[[ Material provided, beginning ]]
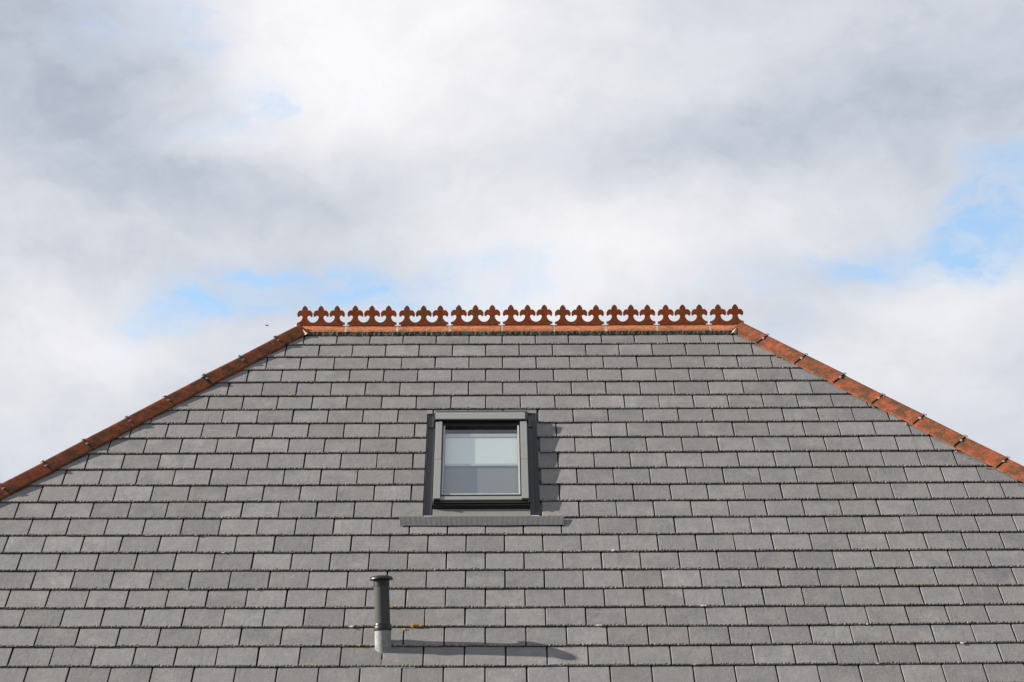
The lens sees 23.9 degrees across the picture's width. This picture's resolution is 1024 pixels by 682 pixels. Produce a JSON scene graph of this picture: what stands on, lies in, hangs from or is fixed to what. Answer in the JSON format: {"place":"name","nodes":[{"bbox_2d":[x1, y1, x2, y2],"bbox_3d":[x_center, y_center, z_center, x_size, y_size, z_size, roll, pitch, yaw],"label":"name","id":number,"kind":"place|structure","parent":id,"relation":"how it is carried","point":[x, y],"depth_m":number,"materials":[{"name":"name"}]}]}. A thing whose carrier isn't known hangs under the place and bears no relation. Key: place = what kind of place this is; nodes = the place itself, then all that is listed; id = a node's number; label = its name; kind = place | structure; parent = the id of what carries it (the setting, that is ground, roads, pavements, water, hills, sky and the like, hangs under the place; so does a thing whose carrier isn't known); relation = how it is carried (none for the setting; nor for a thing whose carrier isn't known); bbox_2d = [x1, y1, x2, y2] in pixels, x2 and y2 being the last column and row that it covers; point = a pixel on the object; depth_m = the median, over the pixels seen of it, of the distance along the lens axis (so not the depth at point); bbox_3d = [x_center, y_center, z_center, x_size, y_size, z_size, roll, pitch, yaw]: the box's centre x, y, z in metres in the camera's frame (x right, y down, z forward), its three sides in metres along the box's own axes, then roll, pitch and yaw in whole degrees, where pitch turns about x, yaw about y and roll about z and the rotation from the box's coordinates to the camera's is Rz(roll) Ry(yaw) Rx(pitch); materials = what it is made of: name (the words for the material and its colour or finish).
{"place":"outdoors","nodes":[
{"label":"outdoors","id":0,"kind":"place"},
{"bbox_2d":[0,304,1023,681],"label":"house","id":1,"kind":"structure","parent":0,"point":[682,498],"depth_m":19.19,"materials":[{"name":"grey tile"}]},
{"bbox_2d":[399,411,563,525],"bbox_3d":[-0.248,1.028,19.936,1.303,0.164,1.844,0,28,0],"label":"roof window","id":2,"kind":"structure","parent":1,"relation":"in","point":[481,472],"depth_m":19.88,"materials":[{"name":"grey metal"}]},
{"bbox_2d":[0,0,1023,482],"label":"sky","id":3,"kind":"structure","parent":0,"point":[180,179],"materials":[{"name":"white"}]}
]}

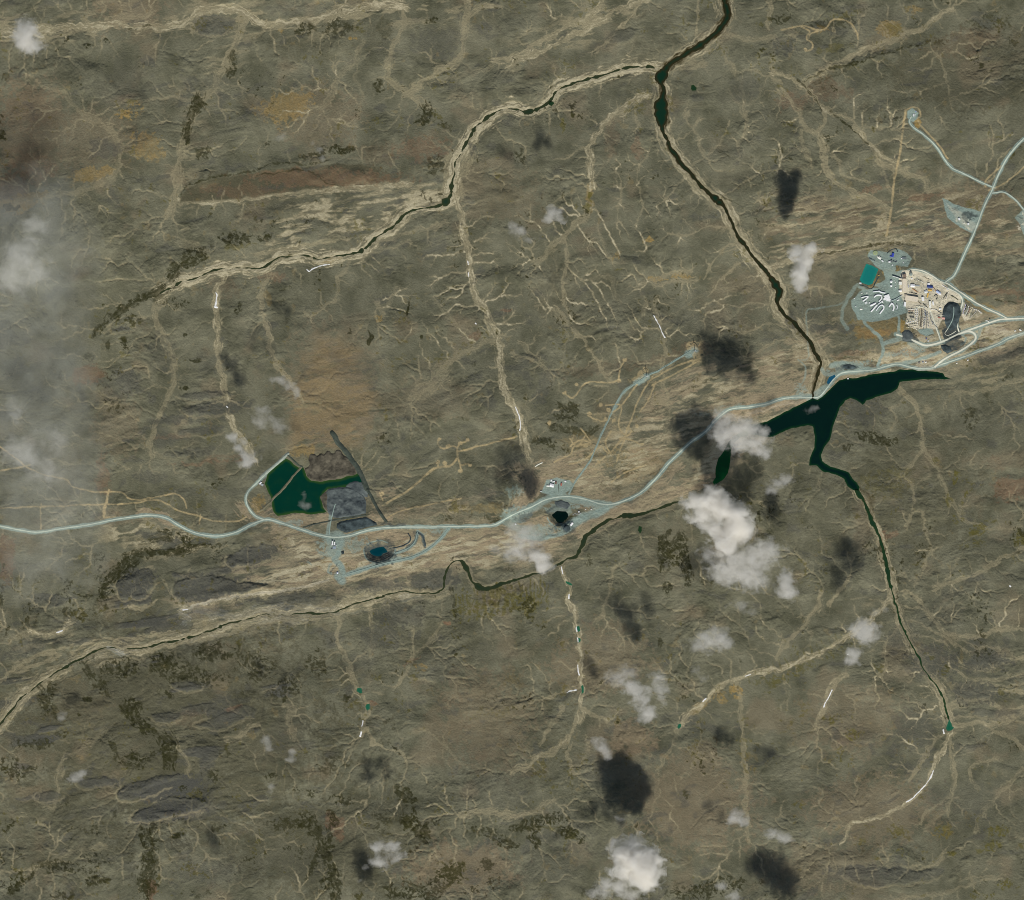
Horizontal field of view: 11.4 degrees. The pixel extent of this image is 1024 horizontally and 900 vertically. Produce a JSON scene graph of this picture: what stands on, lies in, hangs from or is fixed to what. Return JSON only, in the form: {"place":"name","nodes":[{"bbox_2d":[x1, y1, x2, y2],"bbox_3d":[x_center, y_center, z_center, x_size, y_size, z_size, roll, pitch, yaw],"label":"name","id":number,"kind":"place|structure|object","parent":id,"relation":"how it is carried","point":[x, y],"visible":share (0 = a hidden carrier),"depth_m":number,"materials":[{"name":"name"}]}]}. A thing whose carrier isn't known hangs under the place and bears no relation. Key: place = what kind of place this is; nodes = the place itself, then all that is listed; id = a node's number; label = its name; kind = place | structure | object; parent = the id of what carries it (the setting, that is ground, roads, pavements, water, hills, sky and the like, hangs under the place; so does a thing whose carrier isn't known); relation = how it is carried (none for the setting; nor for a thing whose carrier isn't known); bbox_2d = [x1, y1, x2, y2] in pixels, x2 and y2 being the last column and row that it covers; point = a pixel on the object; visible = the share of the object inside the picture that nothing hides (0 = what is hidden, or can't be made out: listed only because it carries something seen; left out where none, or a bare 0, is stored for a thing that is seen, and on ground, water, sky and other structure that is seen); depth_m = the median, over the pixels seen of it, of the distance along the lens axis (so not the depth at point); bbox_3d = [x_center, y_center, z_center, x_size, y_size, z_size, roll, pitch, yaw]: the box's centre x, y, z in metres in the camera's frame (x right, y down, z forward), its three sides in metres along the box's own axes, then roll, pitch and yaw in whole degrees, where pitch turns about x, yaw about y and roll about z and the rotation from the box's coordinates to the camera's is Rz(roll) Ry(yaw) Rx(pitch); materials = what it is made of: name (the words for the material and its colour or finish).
[[ Material provided, end ]]
### Directions
Please write out all the entries above again exactly as they appear, skipping any images.

### Solution below
The lens sees 23.9 degrees across the picture's width. This picture's resolution is 1024 pixels by 682 pixels. Produce a JSON scene graph of this picture: what stands on, lies in, hangs from or is fixed to what. Answer in the JSON format: {"place":"name","nodes":[{"bbox_2d":[x1, y1, x2, y2],"bbox_3d":[x_center, y_center, z_center, x_size, y_size, z_size, roll, pitch, yaw],"label":"name","id":number,"kind":"place|structure","parent":id,"relation":"how it is carried","point":[x, y],"depth_m":number,"materials":[{"name":"name"}]}]}. A thing whose carrier isn't known hangs under the place and bears no relation. Key: place = what kind of place this is; nodes = the place itself, then all that is listed; id = a node's number; label = its name; kind = place | structure; parent = the id of what carries it (the setting, that is ground, roads, pavements, water, hills, sky and the like, hangs under the place; so does a thing whose carrier isn't known); relation = how it is carried (none for the setting; nor for a thing whose carrier isn't known); bbox_2d = [x1, y1, x2, y2] in pixels, x2 and y2 being the last column and row that it covers; point = a pixel on the object; depth_m = the median, over the pixels seen of it, of the distance along the lens axis (so not the depth at point); bbox_3d = [x_center, y_center, z_center, x_size, y_size, z_size, roll, pitch, yaw]: the box's centre x, y, z in metres in the camera's frame (x right, y down, z forward), its three sides in metres along the box's own axes, then roll, pitch and yaw in whole degrees, where pitch turns about x, yaw about y and roll about z and the rotation from the box's coordinates to the camera's is Rz(roll) Ry(yaw) Rx(pitch); materials = what it is made of: name (the words for the material and its colour or finish).
{"place":"outdoors","nodes":[
{"label":"outdoors","id":0,"kind":"place"},
{"bbox_2d":[0,304,1023,681],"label":"house","id":1,"kind":"structure","parent":0,"point":[682,498],"depth_m":19.19,"materials":[{"name":"grey tile"}]},
{"bbox_2d":[399,411,563,525],"bbox_3d":[-0.248,1.028,19.936,1.303,0.164,1.844,0,28,0],"label":"roof window","id":2,"kind":"structure","parent":1,"relation":"in","point":[481,472],"depth_m":19.88,"materials":[{"name":"grey metal"}]},
{"bbox_2d":[0,0,1023,482],"label":"sky","id":3,"kind":"structure","parent":0,"point":[180,179],"materials":[{"name":"white"}]}
]}

Horizontal field of view: 11.4 degrees. The pixel extent of this image is 1024 horizontally and 900 vertically. Produce a JSON scene graph of this picture: what stands on, lies in, hangs from or is fixed to what. Return JSON only, in the form: {"place":"name","nodes":[{"bbox_2d":[x1, y1, x2, y2],"bbox_3d":[x_center, y_center, z_center, x_size, y_size, z_size, roll, pitch, yaw],"label":"name","id":number,"kind":"place|structure|object","parent":id,"relation":"how it is carried","point":[x, y],"visible":share (0 = a hidden carrier),"depth_m":number,"materials":[{"name":"name"}]}]}. A thing whose carrier isn't known hangs under the place and bears no relation. Key: place = what kind of place this is; nodes = the place itself, then all that is listed; id = a node's number; label = its name; kind = place | structure | object; parent = the id of what carries it (the setting, that is ground, roads, pavements, water, hills, sky and the like, hangs under the place; so does a thing whose carrier isn't known); relation = how it is carried (none for the setting; nor for a thing whose carrier isn't known); bbox_2d = [x1, y1, x2, y2] in pixels, x2 and y2 being the last column and row that it covers; point = a pixel on the object; visible = the share of the object inside the picture that nothing hides (0 = what is hidden, or can't be made out: listed only because it carries something seen; left out where none, or a bare 0, is stored for a thing that is seen, and on ground, water, sky and other structure that is seen); depth_m = the median, over the pixels seen of it, of the distance along the lens axis (so not the depth at point); bbox_3d = [x_center, y_center, z_center, x_size, y_size, z_size, roll, pitch, yaw]: the box's centre x, y, z in metres in the camera's frame (x right, y down, z forward), its three sides in metres along the box's own axes, then roll, pitch and yaw in whole degrees, where pitch turns about x, yaw about y and roll about z and the rotation from the box's coordinates to the camera's is Rz(roll) Ry(yaw) Rx(pitch); materials = what it is made of: name (the words for the material and its colour or finish).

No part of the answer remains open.